**What the task requires**
With the exception of the pictures, write out the data below precisely.

Dataset entries:
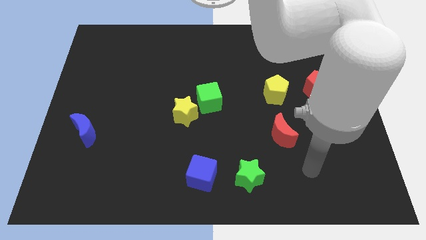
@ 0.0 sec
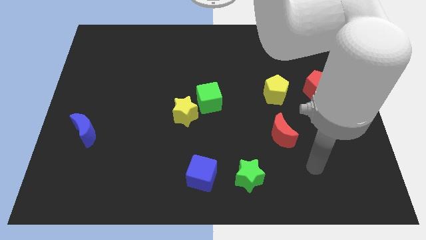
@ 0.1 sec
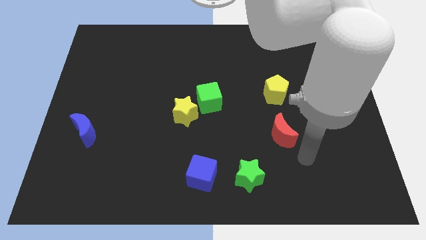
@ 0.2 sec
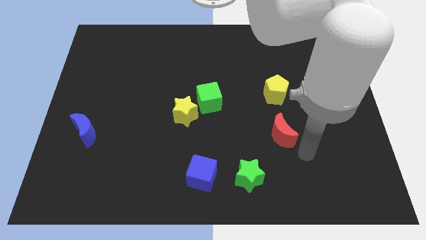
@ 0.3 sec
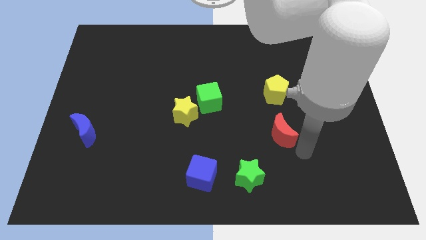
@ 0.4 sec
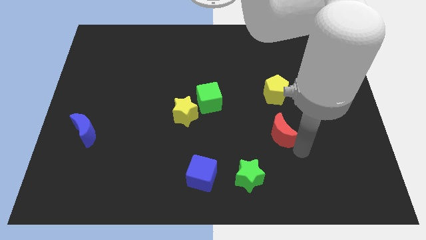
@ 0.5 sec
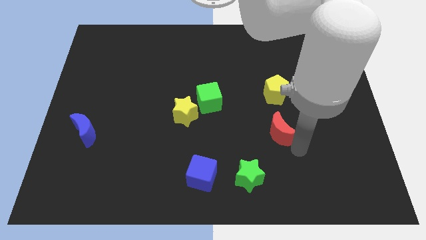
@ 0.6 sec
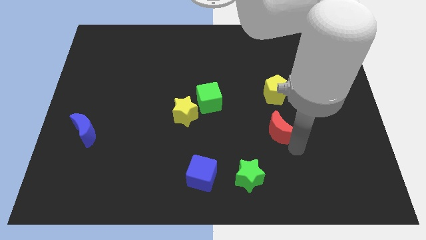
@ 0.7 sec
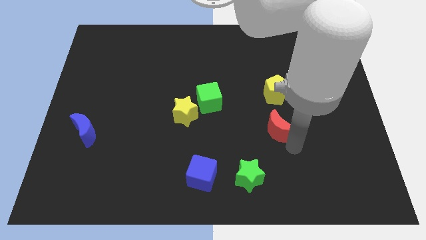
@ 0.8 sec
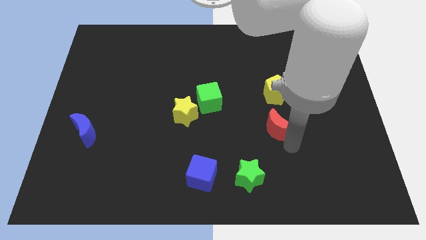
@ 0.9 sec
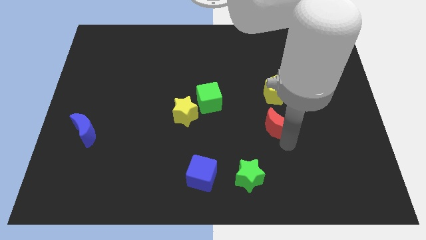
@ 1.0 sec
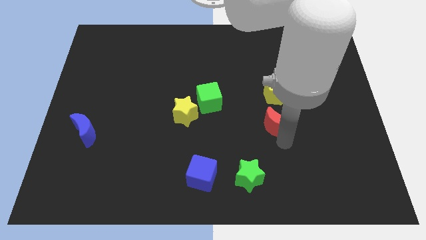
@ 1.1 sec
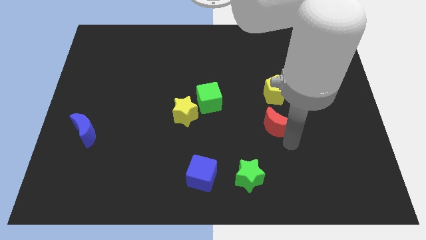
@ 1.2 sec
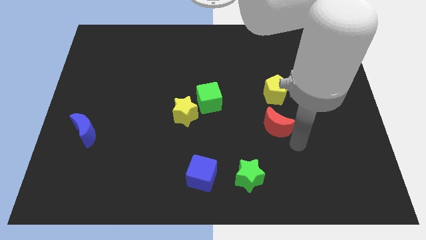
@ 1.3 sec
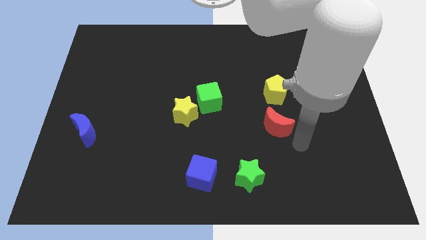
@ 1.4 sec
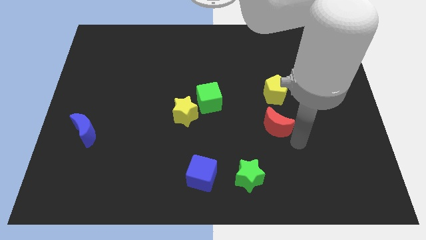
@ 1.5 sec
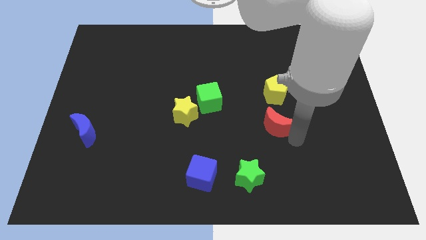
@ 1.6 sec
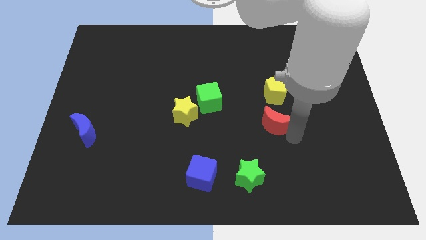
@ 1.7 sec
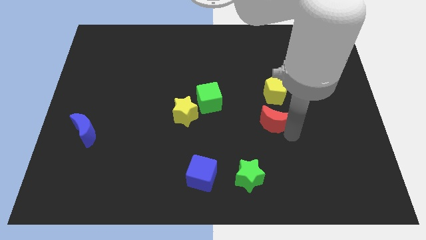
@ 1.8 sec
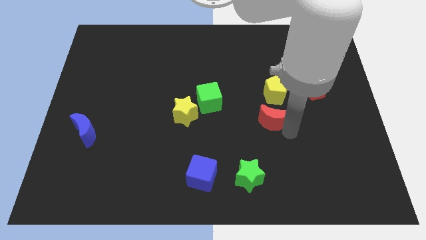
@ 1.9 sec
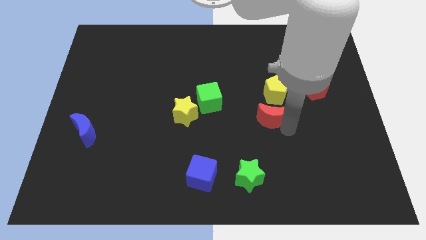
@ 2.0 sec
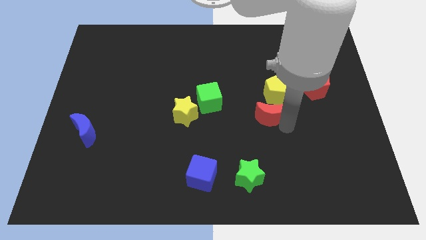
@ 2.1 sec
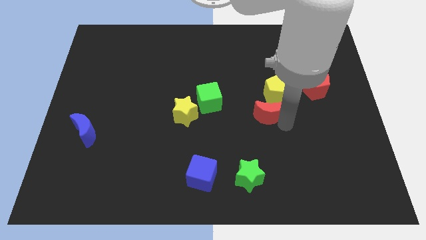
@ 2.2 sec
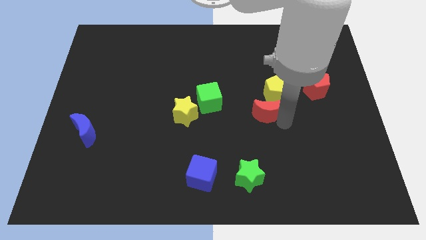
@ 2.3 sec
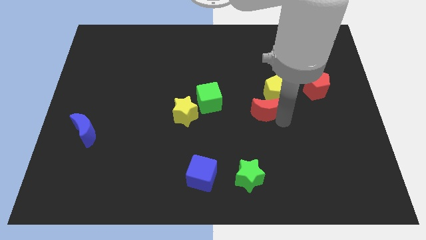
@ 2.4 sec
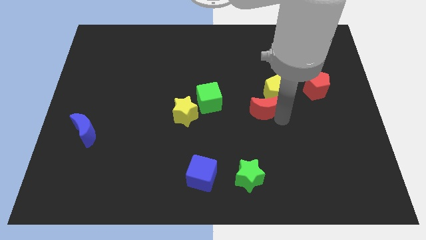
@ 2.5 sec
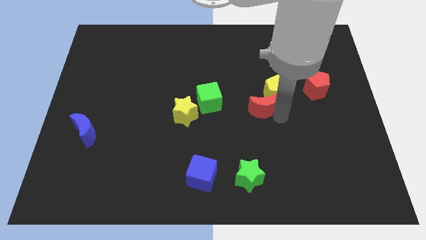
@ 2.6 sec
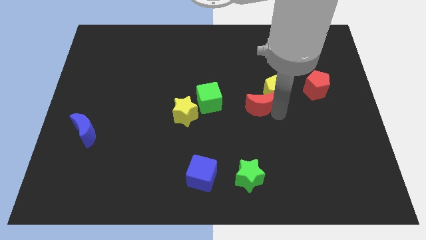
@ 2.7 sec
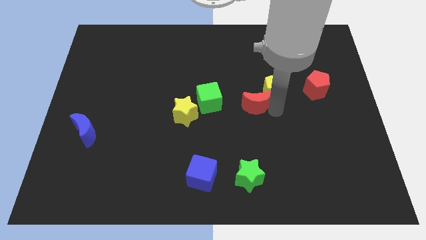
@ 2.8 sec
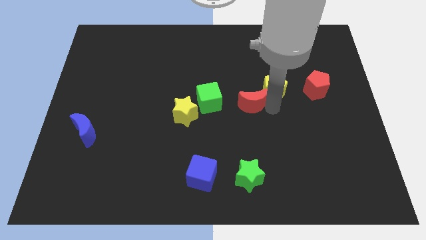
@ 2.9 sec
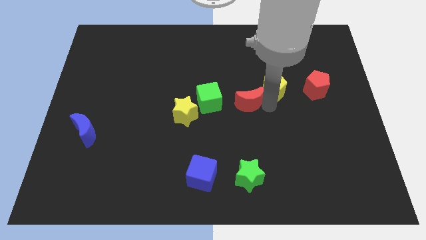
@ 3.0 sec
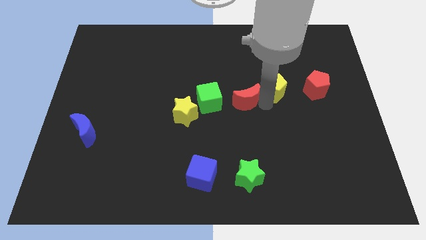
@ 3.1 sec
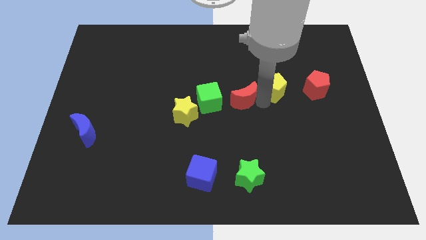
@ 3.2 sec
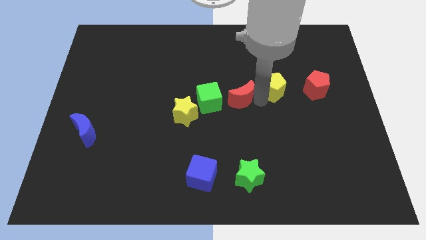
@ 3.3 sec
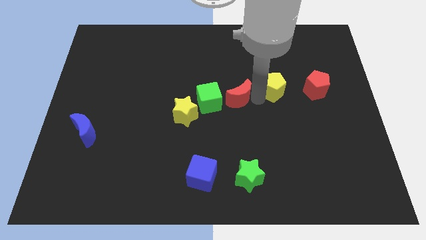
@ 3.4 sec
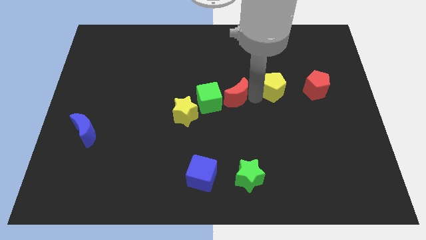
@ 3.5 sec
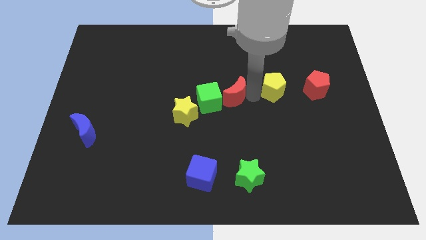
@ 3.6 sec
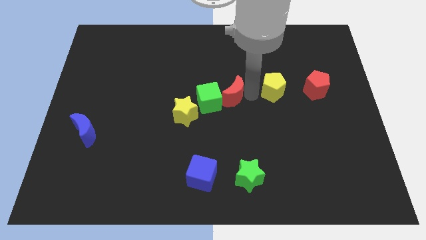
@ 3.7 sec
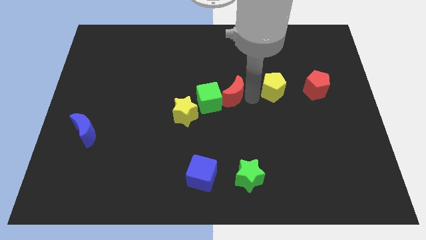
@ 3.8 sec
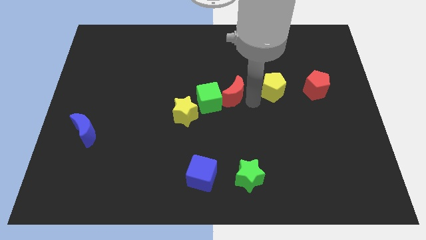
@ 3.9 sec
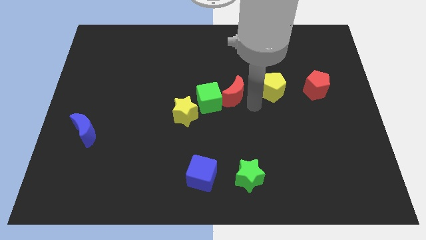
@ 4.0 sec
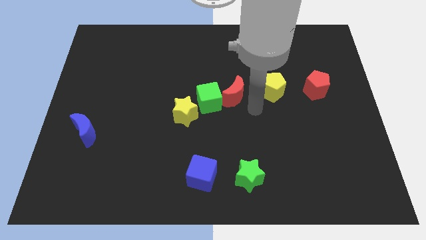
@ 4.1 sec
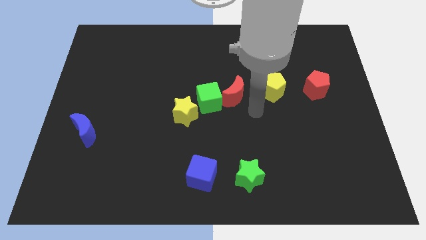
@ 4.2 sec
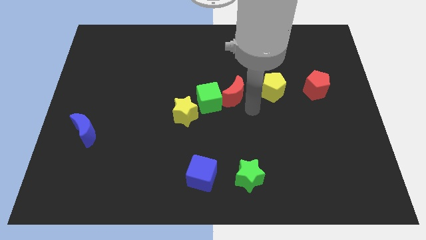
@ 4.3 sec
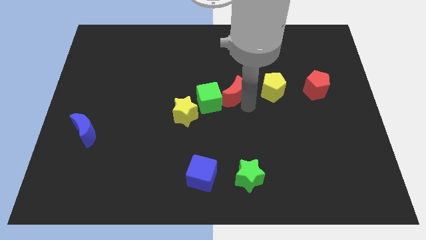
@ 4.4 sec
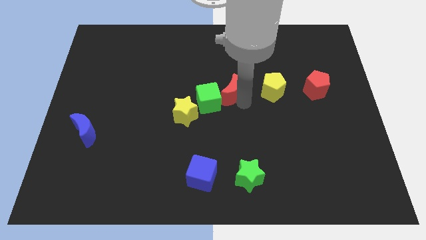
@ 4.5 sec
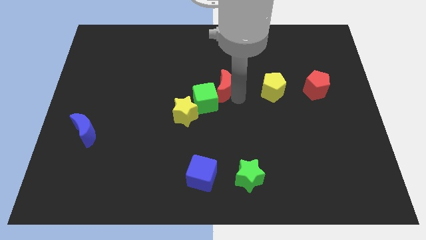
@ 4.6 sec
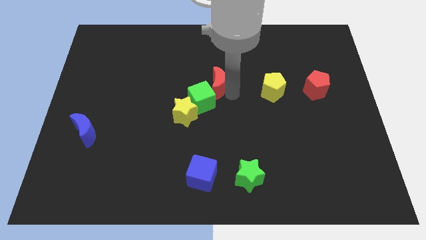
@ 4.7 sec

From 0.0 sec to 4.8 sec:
move the red moon up and then left

**Written response**
@ 0.0 sec
@ 0.1 sec
@ 0.2 sec
@ 0.3 sec
@ 0.4 sec
@ 0.5 sec
@ 0.6 sec
@ 0.7 sec
@ 0.8 sec
@ 0.9 sec
@ 1.0 sec
@ 1.1 sec
@ 1.2 sec
@ 1.3 sec
@ 1.4 sec
@ 1.5 sec
@ 1.6 sec
@ 1.7 sec
@ 1.8 sec
@ 1.9 sec
@ 2.0 sec
@ 2.1 sec
@ 2.2 sec
@ 2.3 sec
@ 2.4 sec
@ 2.5 sec
@ 2.6 sec
@ 2.7 sec
@ 2.8 sec
@ 2.9 sec
@ 3.0 sec
@ 3.1 sec
@ 3.2 sec
@ 3.3 sec
@ 3.4 sec
@ 3.5 sec
@ 3.6 sec
@ 3.7 sec
@ 3.8 sec
@ 3.9 sec
@ 4.0 sec
@ 4.1 sec
@ 4.2 sec
@ 4.3 sec
@ 4.4 sec
@ 4.5 sec
@ 4.6 sec
@ 4.7 sec

From 0.0 sec to 4.8 sec:
move the red moon up and then left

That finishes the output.